In this case, we will show how to do it, especially implicitly link. there are 3 modules, root module explicitly opens callee module, and callee module implicitly opens callee2 module.

build root module

emsdk/upstream/bin/clang -Wl,--features=mutable-globals -fPIC -g –O3 --target=wasm32-unknown-emscripten -nostdlib -I/usr/include/ -Wl,--no-entry -Wl,--export=main –Wl,--export=__stack_pointer -Wl,--allow-undefined test_dlopen.c -o test_dlopen.wasm

build callee and callee2 module

build callee2 first, because callee depends on callee2.

emsdk/upstream/bin/clang --target=wasm32-unknown-emscripten -nostdlib -I/usr/include/ -Wl,--shared -fPIC -Wl,--no-entry -Wl,--export=print_callee2 -Wl,--allow-undefined callee2.c -o callee2.wasm

then callee

emsdk/upstream/bin/clang –O3 --target=wasm32-unknown-emscripten -nostdlib -I/usr/include/ -Wl,--shared -fPIC -Wl,--no-entry -Wl,--export=print_callee -Wl,--allow-undefined callee.c –o callee.wasm callee2.wasm

note: callee2.wasm is appended in the above command. it's like gcc link option "-l", indicates callee implicitly depends on callee2.

tips:

An entry will be added in dylink section of callee module, which indicates callee's dependency.

implicit link

we can reference previous cases to do explicit loading, here let’s focus on how callee module implicitly open callee2 module. the following declaration could be applied in LLVM to indicate the import module, import function name and signature, like header file.

callee.c :

__attribute__((import_module("callee2.wasm"), import_name("print_callee2"))) void print_callee2(int);

under the hood, callee.wasm will include an entry in import section. Based on these info (dylink and import sections), VM could implement a link (module loading and function resolving) when the call happens (lazy binding).

end

jhe33 commented 2 years ago

An introduce to implementation details shared-everything_multi-module_at_WAMR.pdf

andrewrch commented 2 years ago

Hi @jhe33 @wenyongh

I'm very interested in this feature. Is it likely this or something similar would find it's way to the main branch? What would be the best way to take this forward, or are there other options being considered for dynamic loading?
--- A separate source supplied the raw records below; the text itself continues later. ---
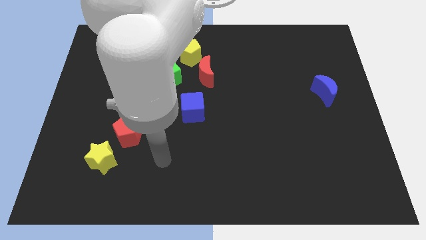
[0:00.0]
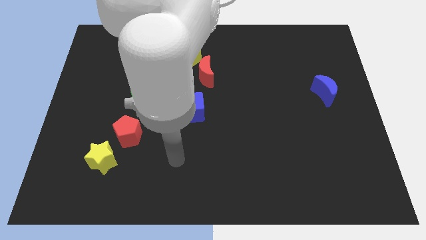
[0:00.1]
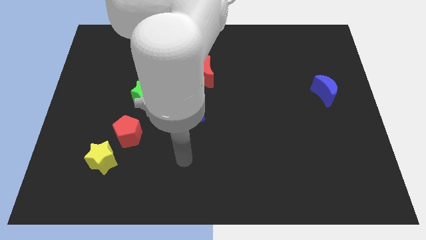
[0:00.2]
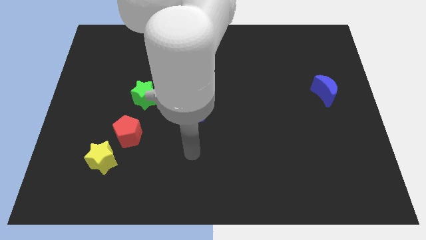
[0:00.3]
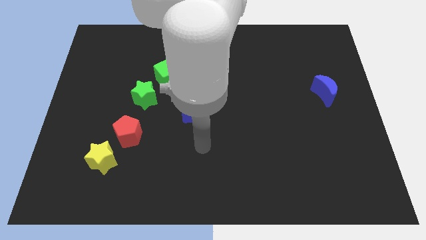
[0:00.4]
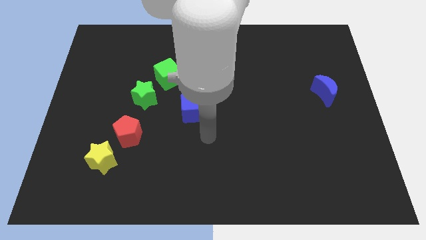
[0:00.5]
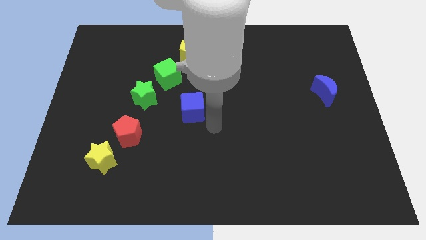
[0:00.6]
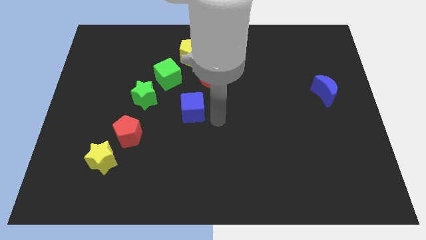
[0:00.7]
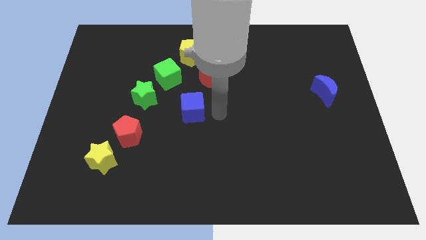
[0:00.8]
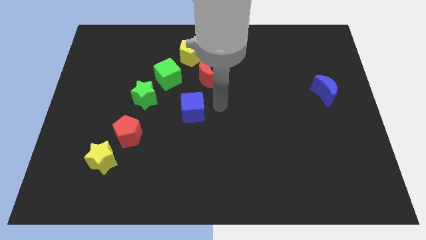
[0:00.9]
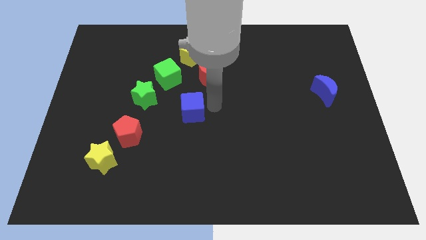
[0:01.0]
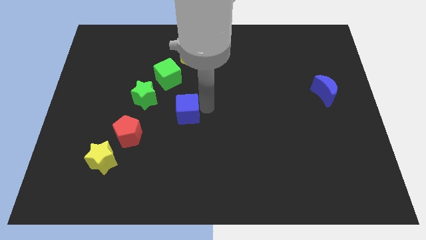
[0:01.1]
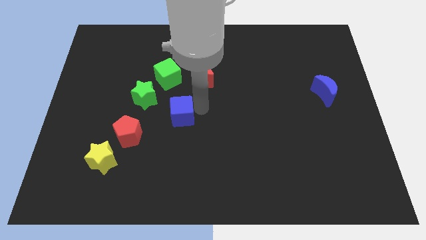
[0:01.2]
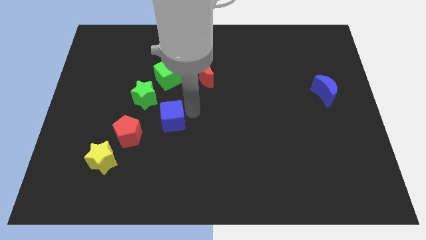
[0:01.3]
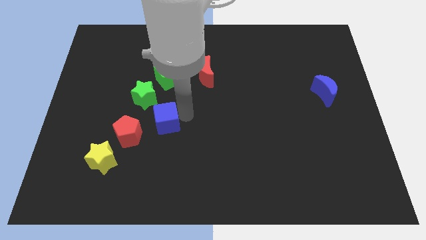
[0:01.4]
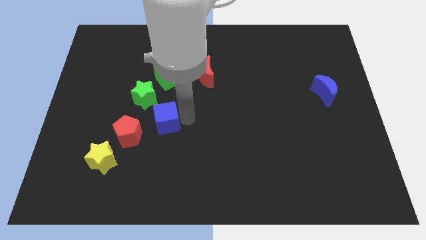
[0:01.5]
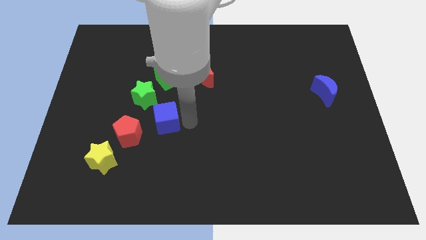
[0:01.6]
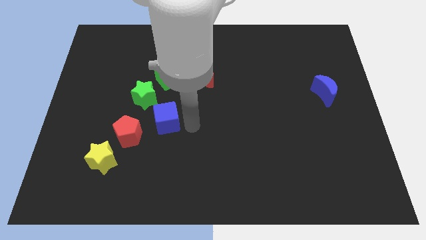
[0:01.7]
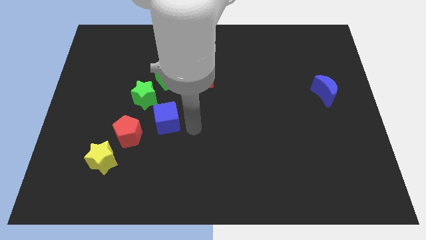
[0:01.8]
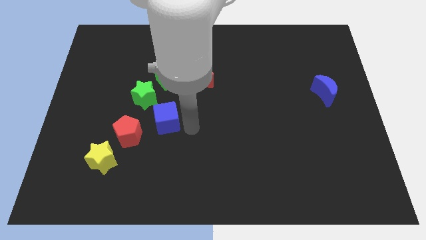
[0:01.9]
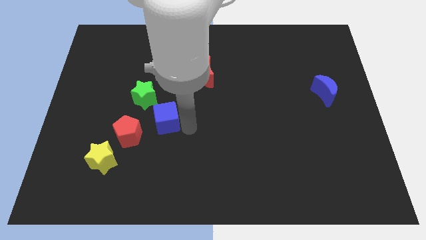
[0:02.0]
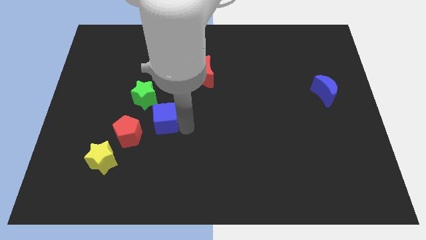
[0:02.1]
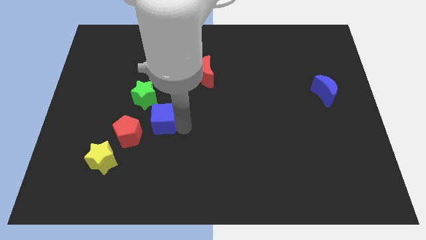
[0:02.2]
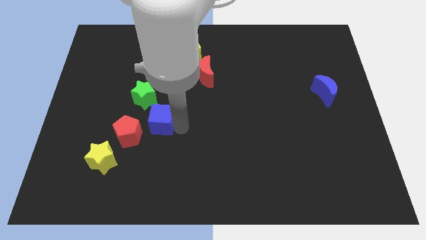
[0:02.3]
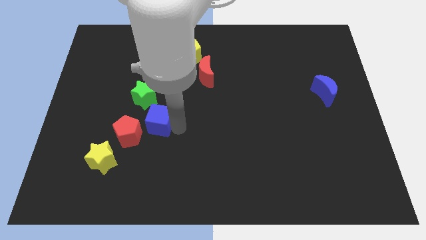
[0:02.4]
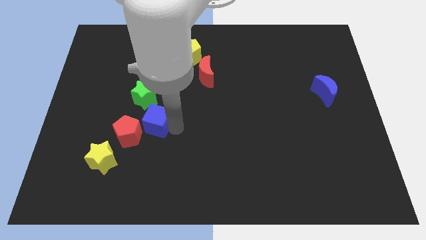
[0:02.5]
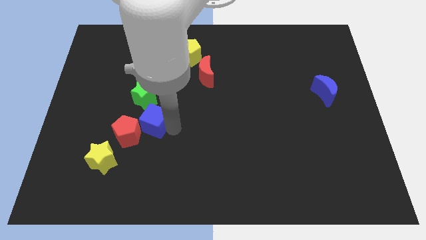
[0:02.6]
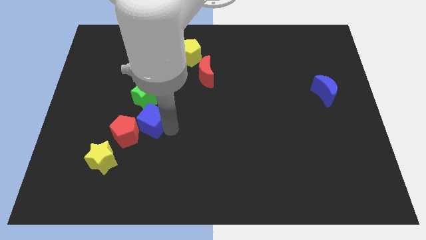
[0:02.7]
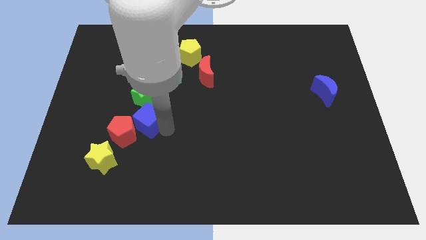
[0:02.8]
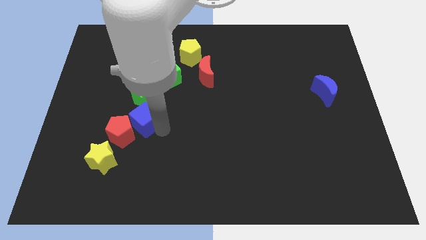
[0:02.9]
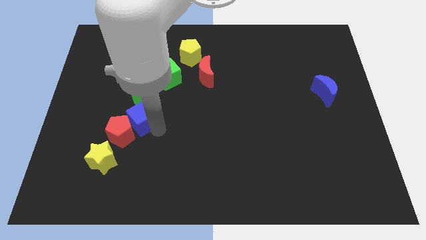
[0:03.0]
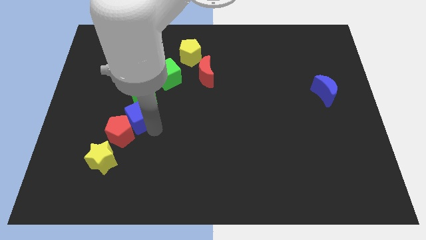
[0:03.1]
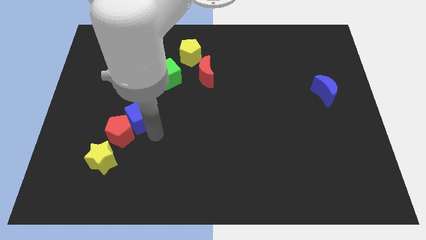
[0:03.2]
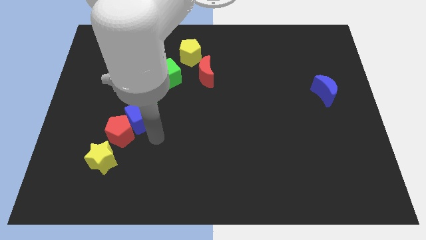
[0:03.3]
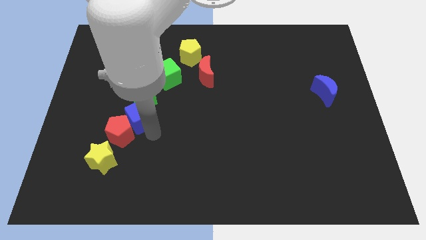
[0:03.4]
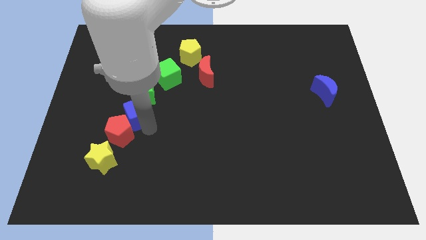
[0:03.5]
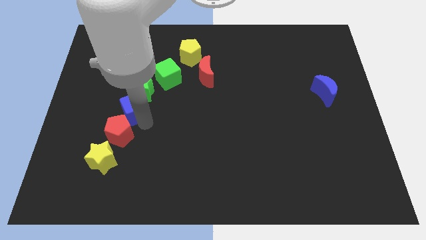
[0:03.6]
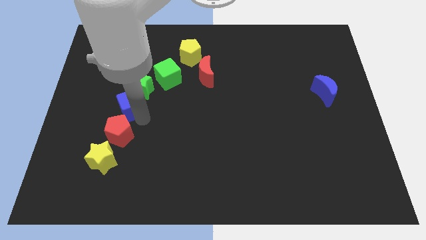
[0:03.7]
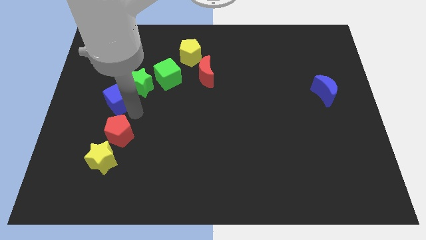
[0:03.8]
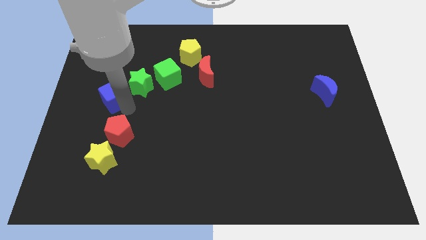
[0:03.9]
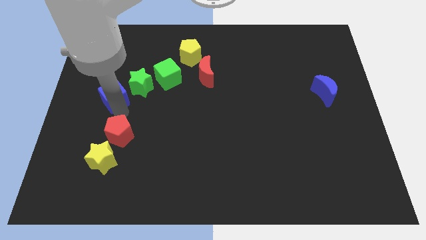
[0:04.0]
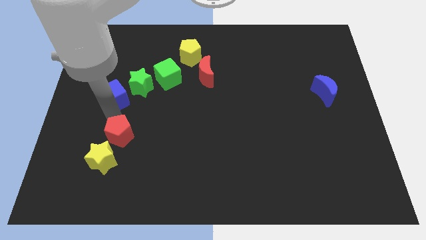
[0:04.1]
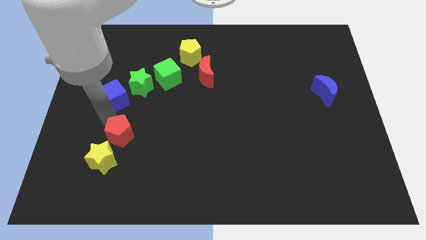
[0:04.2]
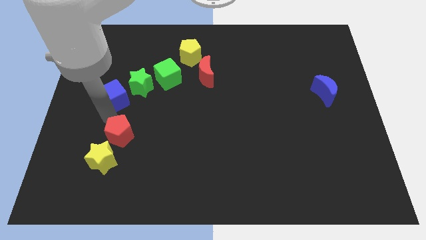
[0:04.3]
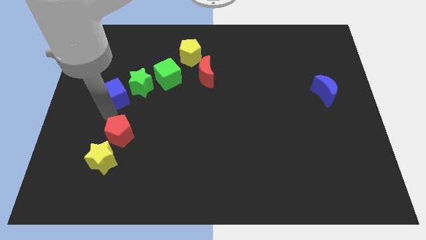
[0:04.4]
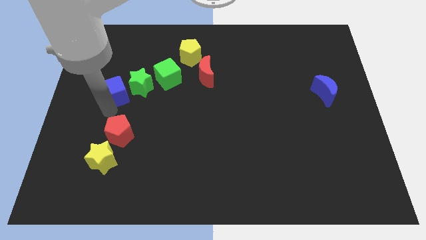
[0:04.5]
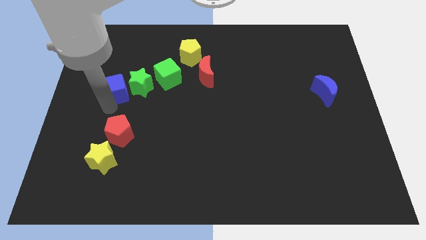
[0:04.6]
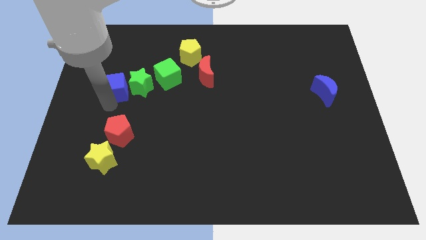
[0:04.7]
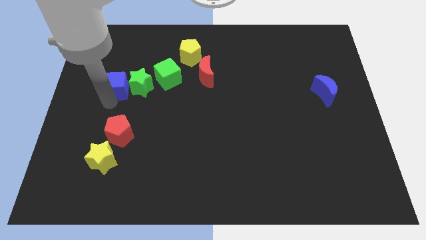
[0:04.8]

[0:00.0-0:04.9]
put the blue cube diagonally up and to the left of the green star

My use case is similar to that described - I'd like to download a very small wasm module which can then download and dynamically load more modules depending on when they are required. (E.g. similar to import() in JS).

jhe33 commented 2 years ago

@andrewrch thank you for your interest. Have you tried this branch? from your description, I think it's helpful for your cases.

this patch introduced some changes, like string interning(main has no string interning imeplentation right now), optimized native call (as I know, main has already optimised the native call) etc, not acceptable by main branch. therefore, it's not the proper time merging back to main stream. of cource, rebasing it to main is an alternative choice.

if your case is not sensitive to performance, you can leverage JS glue code or Host your VM embedded in to workround the calling to other wasm modules.